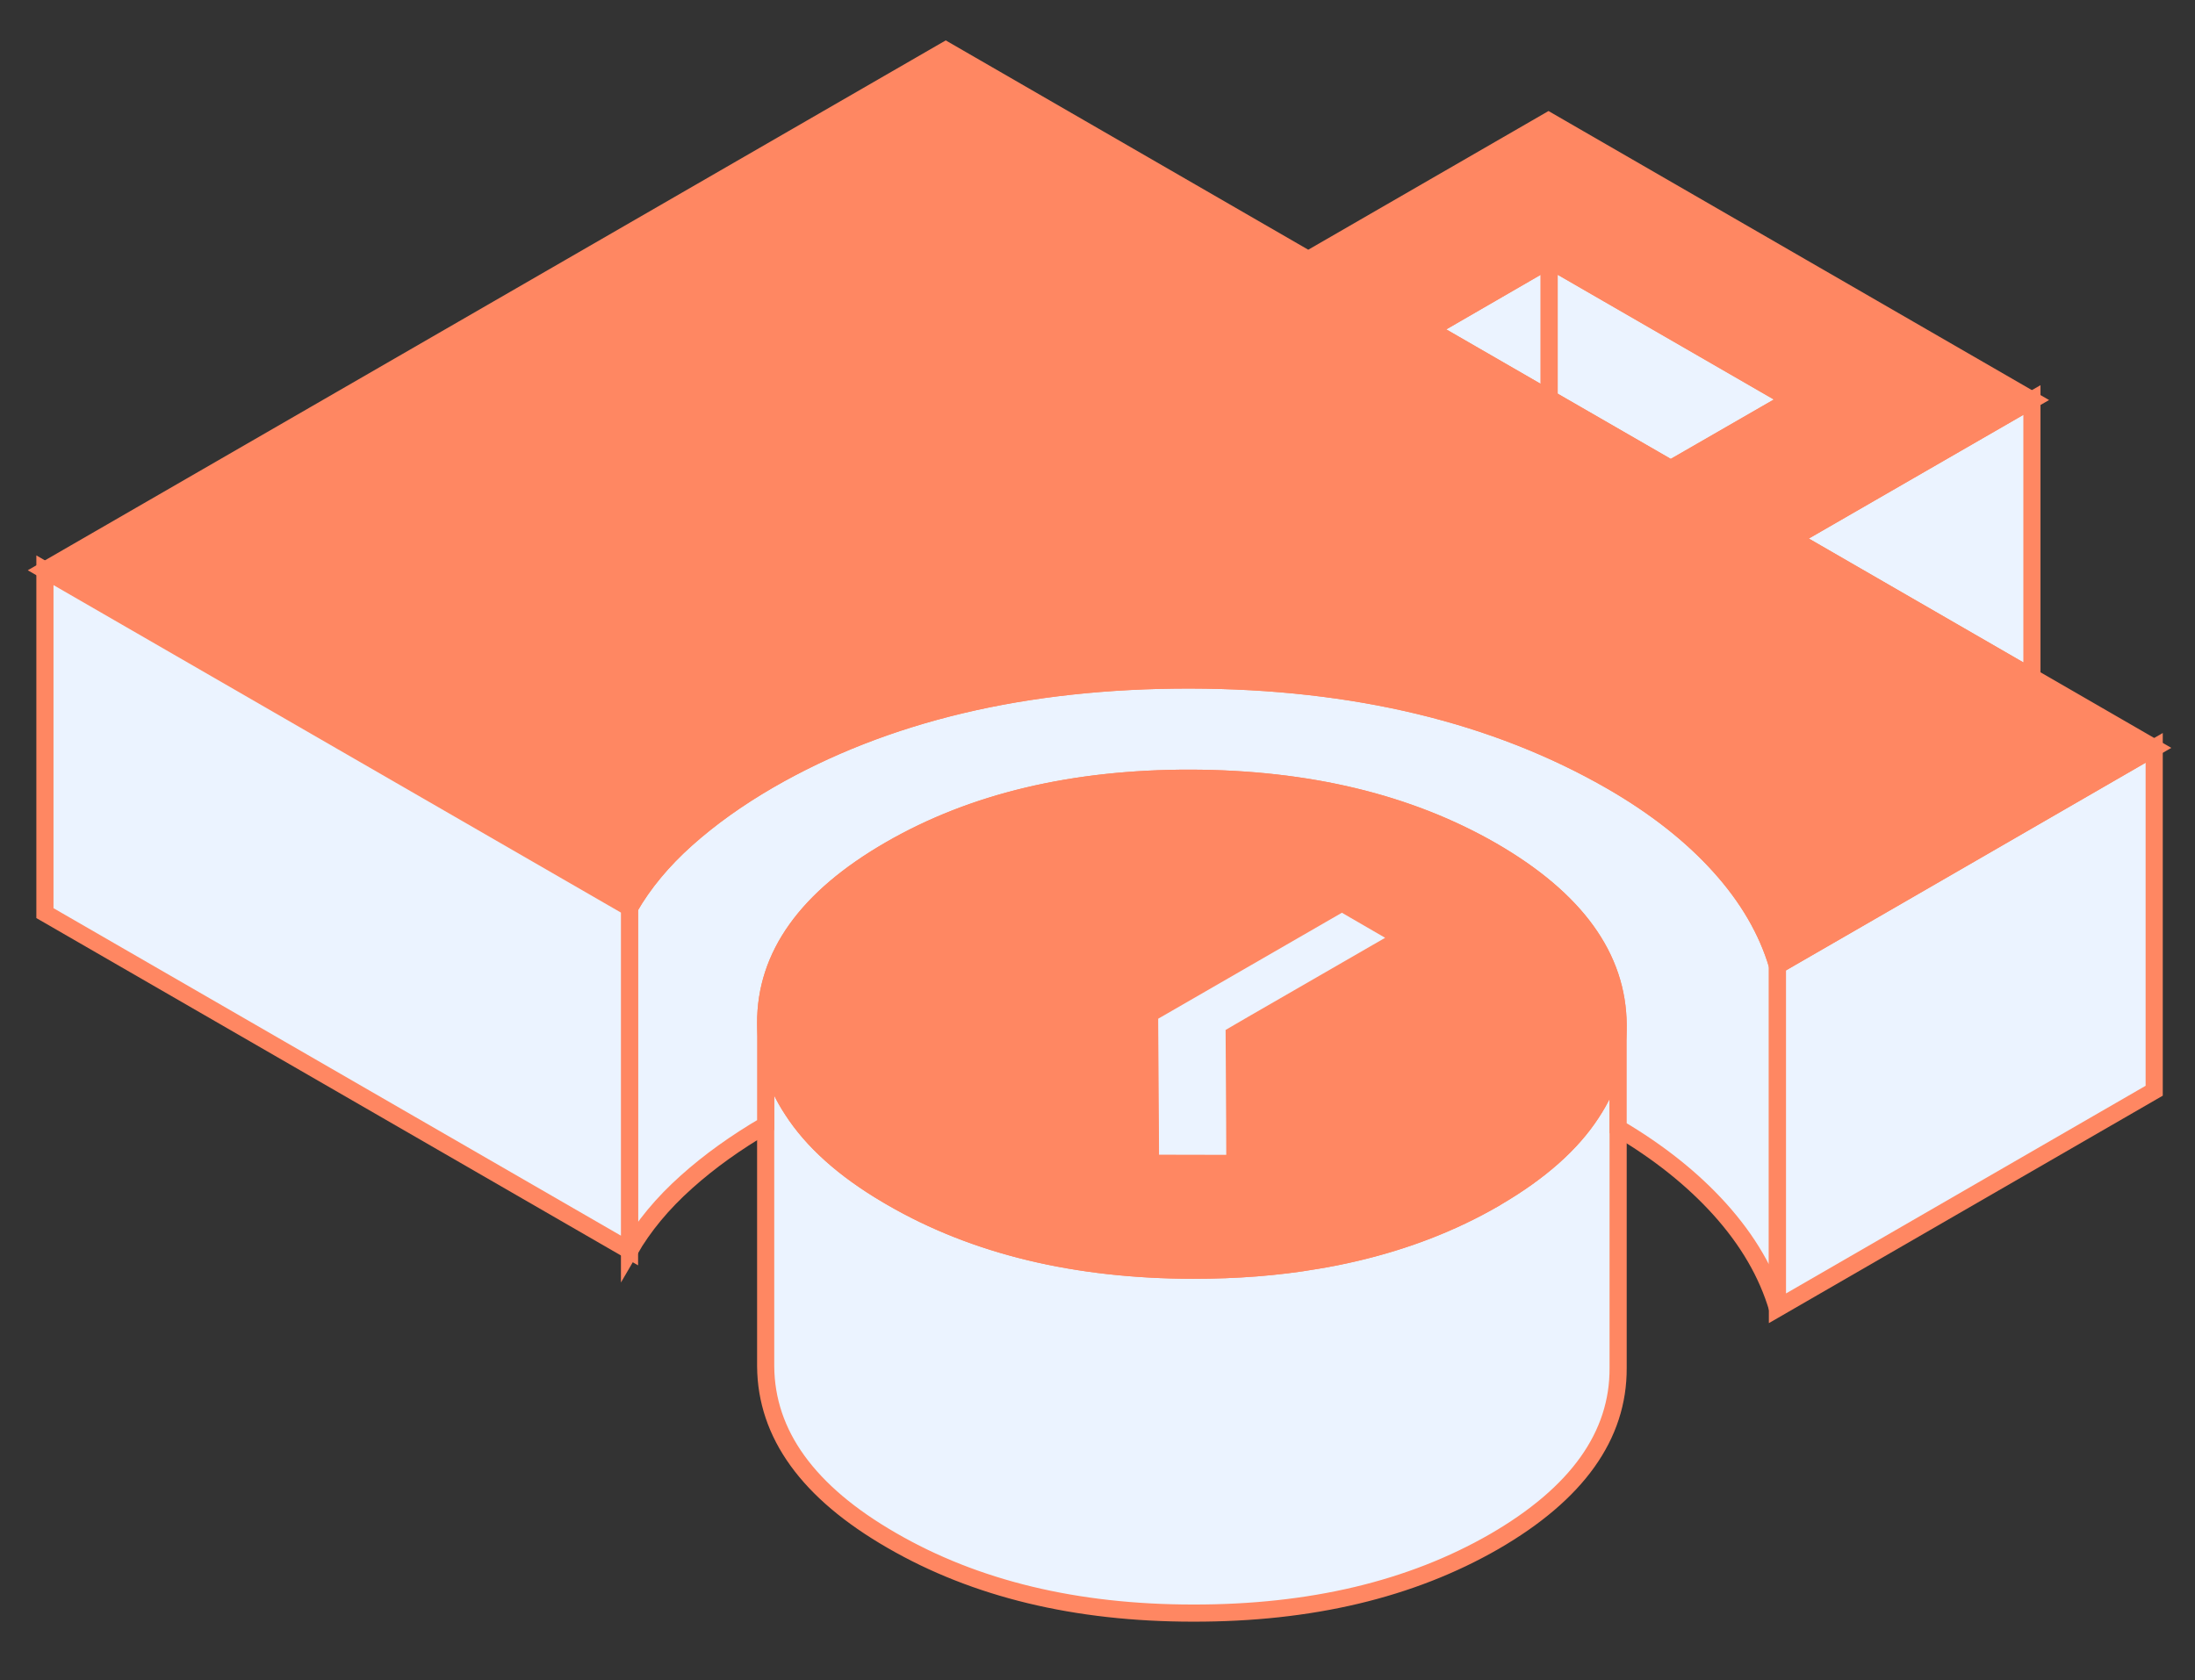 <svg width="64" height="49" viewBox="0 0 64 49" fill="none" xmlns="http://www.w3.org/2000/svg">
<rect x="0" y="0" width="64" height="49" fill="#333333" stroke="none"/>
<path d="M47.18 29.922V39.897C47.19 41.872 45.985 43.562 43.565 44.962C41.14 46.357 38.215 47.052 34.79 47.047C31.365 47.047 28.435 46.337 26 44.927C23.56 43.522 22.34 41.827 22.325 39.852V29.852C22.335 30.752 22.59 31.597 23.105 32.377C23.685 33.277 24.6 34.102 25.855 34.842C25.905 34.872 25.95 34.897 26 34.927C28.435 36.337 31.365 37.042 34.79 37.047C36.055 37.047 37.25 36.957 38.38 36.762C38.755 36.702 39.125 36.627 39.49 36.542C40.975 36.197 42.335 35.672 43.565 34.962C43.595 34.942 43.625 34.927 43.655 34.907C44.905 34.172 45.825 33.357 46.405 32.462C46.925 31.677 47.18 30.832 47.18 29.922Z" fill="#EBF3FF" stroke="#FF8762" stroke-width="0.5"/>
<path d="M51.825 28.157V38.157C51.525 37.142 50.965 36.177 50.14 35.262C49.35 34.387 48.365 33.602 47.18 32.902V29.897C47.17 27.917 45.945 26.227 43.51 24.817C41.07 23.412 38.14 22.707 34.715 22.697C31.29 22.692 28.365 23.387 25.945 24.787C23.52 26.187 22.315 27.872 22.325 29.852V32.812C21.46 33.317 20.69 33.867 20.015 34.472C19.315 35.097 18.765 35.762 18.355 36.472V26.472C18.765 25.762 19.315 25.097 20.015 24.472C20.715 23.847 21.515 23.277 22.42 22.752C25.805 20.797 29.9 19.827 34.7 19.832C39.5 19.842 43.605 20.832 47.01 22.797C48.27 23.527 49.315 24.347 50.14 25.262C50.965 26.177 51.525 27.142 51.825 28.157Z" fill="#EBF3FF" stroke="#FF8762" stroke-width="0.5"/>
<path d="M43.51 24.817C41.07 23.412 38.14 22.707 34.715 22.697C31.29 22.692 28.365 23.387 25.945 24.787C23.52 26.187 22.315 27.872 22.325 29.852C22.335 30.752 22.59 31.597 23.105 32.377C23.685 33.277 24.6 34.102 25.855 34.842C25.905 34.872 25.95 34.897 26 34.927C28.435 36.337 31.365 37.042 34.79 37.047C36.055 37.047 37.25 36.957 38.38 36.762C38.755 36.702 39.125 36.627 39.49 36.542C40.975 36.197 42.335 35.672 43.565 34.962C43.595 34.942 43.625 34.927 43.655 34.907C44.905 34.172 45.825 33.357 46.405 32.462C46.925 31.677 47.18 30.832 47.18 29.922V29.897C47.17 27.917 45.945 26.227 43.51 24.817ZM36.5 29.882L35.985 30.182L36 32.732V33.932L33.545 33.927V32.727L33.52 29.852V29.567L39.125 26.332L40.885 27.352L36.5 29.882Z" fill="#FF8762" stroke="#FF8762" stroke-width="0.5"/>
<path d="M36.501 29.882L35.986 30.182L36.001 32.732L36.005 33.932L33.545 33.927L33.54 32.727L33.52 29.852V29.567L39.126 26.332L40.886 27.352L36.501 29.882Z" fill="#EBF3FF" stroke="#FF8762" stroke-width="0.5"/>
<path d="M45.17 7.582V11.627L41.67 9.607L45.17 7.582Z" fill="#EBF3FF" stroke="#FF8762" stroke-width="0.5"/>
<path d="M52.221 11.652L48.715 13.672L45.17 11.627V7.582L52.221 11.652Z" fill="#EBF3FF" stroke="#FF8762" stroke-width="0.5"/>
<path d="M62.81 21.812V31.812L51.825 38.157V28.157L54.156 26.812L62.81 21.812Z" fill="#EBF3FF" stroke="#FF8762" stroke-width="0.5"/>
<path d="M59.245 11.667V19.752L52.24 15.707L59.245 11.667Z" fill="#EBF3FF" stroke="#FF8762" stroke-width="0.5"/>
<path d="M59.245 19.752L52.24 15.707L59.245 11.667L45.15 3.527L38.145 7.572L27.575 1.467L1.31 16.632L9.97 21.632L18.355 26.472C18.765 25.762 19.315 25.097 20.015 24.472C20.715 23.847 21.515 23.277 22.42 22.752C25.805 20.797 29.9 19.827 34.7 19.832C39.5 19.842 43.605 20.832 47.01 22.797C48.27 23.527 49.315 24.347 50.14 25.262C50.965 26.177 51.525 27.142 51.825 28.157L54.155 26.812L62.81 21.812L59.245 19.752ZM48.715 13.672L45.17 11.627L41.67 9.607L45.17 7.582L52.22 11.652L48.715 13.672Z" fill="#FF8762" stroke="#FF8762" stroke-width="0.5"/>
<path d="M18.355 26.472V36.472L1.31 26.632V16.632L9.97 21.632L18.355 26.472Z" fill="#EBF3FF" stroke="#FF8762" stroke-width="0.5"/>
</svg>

» **ACTIVITY**
Word for word, write out each line of the records, but leave the pictures behind.

» **RESPONSE**
 <svg width="64" height="49" viewBox="0 0 64 49" fill="none" xmlns="http://www.w3.org/2000/svg">
<rect x="0" y="0" width="64" height="49" fill="#333333" stroke="none"/>
<path d="M47.18 29.922V39.897C47.19 41.872 45.985 43.562 43.565 44.962C41.14 46.357 38.215 47.052 34.79 47.047C31.365 47.047 28.435 46.337 26 44.927C23.56 43.522 22.34 41.827 22.325 39.852V29.852C22.335 30.752 22.59 31.597 23.105 32.377C23.685 33.277 24.6 34.102 25.855 34.842C25.905 34.872 25.95 34.897 26 34.927C28.435 36.337 31.365 37.042 34.79 37.047C36.055 37.047 37.25 36.957 38.38 36.762C38.755 36.702 39.125 36.627 39.49 36.542C40.975 36.197 42.335 35.672 43.565 34.962C43.595 34.942 43.625 34.927 43.655 34.907C44.905 34.172 45.825 33.357 46.405 32.462C46.925 31.677 47.18 30.832 47.18 29.922Z" fill="#EBF3FF" stroke="#FF8762" stroke-width="0.5"/>
<path d="M51.825 28.157V38.157C51.525 37.142 50.965 36.177 50.14 35.262C49.35 34.387 48.365 33.602 47.18 32.902V29.897C47.17 27.917 45.945 26.227 43.51 24.817C41.07 23.412 38.14 22.707 34.715 22.697C31.29 22.692 28.365 23.387 25.945 24.787C23.52 26.187 22.315 27.872 22.325 29.852V32.812C21.46 33.317 20.69 33.867 20.015 34.472C19.315 35.097 18.765 35.762 18.355 36.472V26.472C18.765 25.762 19.315 25.097 20.015 24.472C20.715 23.847 21.515 23.277 22.42 22.752C25.805 20.797 29.9 19.827 34.7 19.832C39.5 19.842 43.605 20.832 47.01 22.797C48.27 23.527 49.315 24.347 50.14 25.262C50.965 26.177 51.525 27.142 51.825 28.157Z" fill="#EBF3FF" stroke="#FF8762" stroke-width="0.5"/>
<path d="M43.51 24.817C41.07 23.412 38.14 22.707 34.715 22.697C31.29 22.692 28.365 23.387 25.945 24.787C23.52 26.187 22.315 27.872 22.325 29.852C22.335 30.752 22.59 31.597 23.105 32.377C23.685 33.277 24.6 34.102 25.855 34.842C25.905 34.872 25.95 34.897 26 34.927C28.435 36.337 31.365 37.042 34.79 37.047C36.055 37.047 37.25 36.957 38.38 36.762C38.755 36.702 39.125 36.627 39.49 36.542C40.975 36.197 42.335 35.672 43.565 34.962C43.595 34.942 43.625 34.927 43.655 34.907C44.905 34.172 45.825 33.357 46.405 32.462C46.925 31.677 47.18 30.832 47.18 29.922V29.897C47.17 27.917 45.945 26.227 43.51 24.817ZM36.5 29.882L35.985 30.182L36 32.732V33.932L33.545 33.927V32.727L33.52 29.852V29.567L39.125 26.332L40.885 27.352L36.5 29.882Z" fill="#FF8762" stroke="#FF8762" stroke-width="0.5"/>
<path d="M36.501 29.882L35.986 30.182L36.001 32.732L36.005 33.932L33.545 33.927L33.54 32.727L33.52 29.852V29.567L39.126 26.332L40.886 27.352L36.501 29.882Z" fill="#EBF3FF" stroke="#FF8762" stroke-width="0.5"/>
<path d="M45.17 7.582V11.627L41.67 9.607L45.17 7.582Z" fill="#EBF3FF" stroke="#FF8762" stroke-width="0.5"/>
<path d="M52.221 11.652L48.715 13.672L45.17 11.627V7.582L52.221 11.652Z" fill="#EBF3FF" stroke="#FF8762" stroke-width="0.5"/>
<path d="M62.81 21.812V31.812L51.825 38.157V28.157L54.156 26.812L62.81 21.812Z" fill="#EBF3FF" stroke="#FF8762" stroke-width="0.5"/>
<path d="M59.245 11.667V19.752L52.24 15.707L59.245 11.667Z" fill="#EBF3FF" stroke="#FF8762" stroke-width="0.5"/>
<path d="M59.245 19.752L52.24 15.707L59.245 11.667L45.15 3.527L38.145 7.572L27.575 1.467L1.31 16.632L9.97 21.632L18.355 26.472C18.765 25.762 19.315 25.097 20.015 24.472C20.715 23.847 21.515 23.277 22.42 22.752C25.805 20.797 29.9 19.827 34.7 19.832C39.5 19.842 43.605 20.832 47.01 22.797C48.27 23.527 49.315 24.347 50.14 25.262C50.965 26.177 51.525 27.142 51.825 28.157L54.155 26.812L62.81 21.812L59.245 19.752ZM48.715 13.672L45.17 11.627L41.67 9.607L45.17 7.582L52.22 11.652L48.715 13.672Z" fill="#FF8762" stroke="#FF8762" stroke-width="0.5"/>
<path d="M18.355 26.472V36.472L1.31 26.632V16.632L9.97 21.632L18.355 26.472Z" fill="#EBF3FF" stroke="#FF8762" stroke-width="0.5"/>
</svg>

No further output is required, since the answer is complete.